====== Entries shown

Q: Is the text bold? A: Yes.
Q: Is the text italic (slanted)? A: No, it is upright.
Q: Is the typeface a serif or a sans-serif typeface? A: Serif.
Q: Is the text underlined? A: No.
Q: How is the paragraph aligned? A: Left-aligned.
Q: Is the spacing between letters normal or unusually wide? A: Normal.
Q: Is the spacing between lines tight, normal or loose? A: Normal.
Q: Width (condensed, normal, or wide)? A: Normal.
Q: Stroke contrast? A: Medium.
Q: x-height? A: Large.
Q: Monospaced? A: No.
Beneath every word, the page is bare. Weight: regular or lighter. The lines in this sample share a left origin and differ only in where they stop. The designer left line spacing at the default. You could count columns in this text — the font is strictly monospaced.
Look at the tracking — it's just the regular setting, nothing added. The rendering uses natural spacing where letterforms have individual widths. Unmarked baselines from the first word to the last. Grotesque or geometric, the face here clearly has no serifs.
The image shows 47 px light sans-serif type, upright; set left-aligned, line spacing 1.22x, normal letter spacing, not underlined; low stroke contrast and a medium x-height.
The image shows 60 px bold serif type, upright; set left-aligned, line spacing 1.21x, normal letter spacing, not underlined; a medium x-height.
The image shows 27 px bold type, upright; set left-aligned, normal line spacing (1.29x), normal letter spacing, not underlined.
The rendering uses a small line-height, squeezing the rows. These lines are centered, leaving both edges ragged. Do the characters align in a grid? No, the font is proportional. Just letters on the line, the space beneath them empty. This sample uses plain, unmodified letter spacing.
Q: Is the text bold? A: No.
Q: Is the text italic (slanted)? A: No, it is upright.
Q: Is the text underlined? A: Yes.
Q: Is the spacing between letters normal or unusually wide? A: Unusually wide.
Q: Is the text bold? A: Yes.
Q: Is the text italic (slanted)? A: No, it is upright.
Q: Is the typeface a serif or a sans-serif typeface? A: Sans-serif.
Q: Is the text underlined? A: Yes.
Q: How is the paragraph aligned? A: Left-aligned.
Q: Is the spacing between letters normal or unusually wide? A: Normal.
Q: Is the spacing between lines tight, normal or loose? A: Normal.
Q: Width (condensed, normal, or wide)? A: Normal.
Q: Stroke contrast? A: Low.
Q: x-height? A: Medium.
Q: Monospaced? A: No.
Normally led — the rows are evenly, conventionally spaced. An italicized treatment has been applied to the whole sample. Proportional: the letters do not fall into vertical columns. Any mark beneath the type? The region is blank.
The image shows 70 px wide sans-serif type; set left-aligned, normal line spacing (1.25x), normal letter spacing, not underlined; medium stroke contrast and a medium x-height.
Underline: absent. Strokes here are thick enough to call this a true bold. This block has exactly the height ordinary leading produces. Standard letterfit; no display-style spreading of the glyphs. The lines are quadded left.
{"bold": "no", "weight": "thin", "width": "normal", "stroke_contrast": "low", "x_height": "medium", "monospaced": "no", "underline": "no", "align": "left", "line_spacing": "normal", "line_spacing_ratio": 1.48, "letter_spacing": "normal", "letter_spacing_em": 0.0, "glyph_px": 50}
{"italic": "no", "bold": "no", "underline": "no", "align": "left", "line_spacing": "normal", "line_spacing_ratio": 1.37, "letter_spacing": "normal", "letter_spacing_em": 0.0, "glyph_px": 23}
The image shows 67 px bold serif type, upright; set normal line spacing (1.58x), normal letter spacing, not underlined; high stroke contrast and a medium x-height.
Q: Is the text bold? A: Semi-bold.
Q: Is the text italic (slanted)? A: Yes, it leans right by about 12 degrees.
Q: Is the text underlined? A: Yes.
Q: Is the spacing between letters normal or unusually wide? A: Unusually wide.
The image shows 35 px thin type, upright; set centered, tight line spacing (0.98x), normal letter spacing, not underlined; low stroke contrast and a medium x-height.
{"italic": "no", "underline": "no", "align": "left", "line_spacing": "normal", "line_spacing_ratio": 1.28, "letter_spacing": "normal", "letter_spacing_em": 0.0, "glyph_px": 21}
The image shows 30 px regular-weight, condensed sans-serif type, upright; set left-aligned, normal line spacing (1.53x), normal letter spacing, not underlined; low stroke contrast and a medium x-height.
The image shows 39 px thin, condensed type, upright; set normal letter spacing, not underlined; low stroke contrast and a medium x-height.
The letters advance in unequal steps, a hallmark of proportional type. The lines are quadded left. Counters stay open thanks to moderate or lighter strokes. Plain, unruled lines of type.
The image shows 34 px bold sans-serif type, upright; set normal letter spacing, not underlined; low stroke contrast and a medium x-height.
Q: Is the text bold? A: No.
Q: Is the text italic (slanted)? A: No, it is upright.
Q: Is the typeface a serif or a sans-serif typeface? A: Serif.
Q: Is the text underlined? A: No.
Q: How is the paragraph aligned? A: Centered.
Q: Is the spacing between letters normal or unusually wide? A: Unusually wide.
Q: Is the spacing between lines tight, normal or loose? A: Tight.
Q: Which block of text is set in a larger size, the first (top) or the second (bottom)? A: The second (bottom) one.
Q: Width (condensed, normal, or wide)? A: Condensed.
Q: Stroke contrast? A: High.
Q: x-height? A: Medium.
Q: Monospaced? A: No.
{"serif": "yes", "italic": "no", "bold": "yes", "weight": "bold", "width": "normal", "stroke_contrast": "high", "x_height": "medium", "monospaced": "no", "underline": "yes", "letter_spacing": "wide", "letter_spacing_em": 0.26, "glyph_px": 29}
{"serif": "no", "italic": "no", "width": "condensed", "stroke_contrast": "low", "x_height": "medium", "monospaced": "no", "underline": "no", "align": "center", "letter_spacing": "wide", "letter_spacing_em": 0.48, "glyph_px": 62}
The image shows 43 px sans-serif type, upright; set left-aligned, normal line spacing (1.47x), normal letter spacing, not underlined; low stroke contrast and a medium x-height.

============

Aim of the exercise: Could you output, exactly and with nothing else, the lines from the start of the records through the line containing "The image shows 60"?

Answer:
Q: Is the text bold? A: Yes.
Q: Is the text italic (slanted)? A: No, it is upright.
Q: Is the typeface a serif or a sans-serif typeface? A: Serif.
Q: Is the text underlined? A: No.
Q: How is the paragraph aligned? A: Left-aligned.
Q: Is the spacing between letters normal or unusually wide? A: Normal.
Q: Is the spacing between lines tight, normal or loose? A: Normal.
Q: Width (condensed, normal, or wide)? A: Normal.
Q: Stroke contrast? A: Medium.
Q: x-height? A: Large.
Q: Monospaced? A: No.
Beneath every word, the page is bare. Weight: regular or lighter. The lines in this sample share a left origin and differ only in where they stop. The designer left line spacing at the default. You could count columns in this text — the font is strictly monospaced.
Look at the tracking — it's just the regular setting, nothing added. The rendering uses natural spacing where letterforms have individual widths. Unmarked baselines from the first word to the last. Grotesque or geometric, the face here clearly has no serifs.
The image shows 47 px light sans-serif type, upright; set left-aligned, line spacing 1.22x, normal letter spacing, not underlined; low stroke contrast and a medium x-height.
The image shows 60 px bold serif type, upright; set left-aligned, line spacing 1.21x, normal letter spacing, not underlined; a medium x-height.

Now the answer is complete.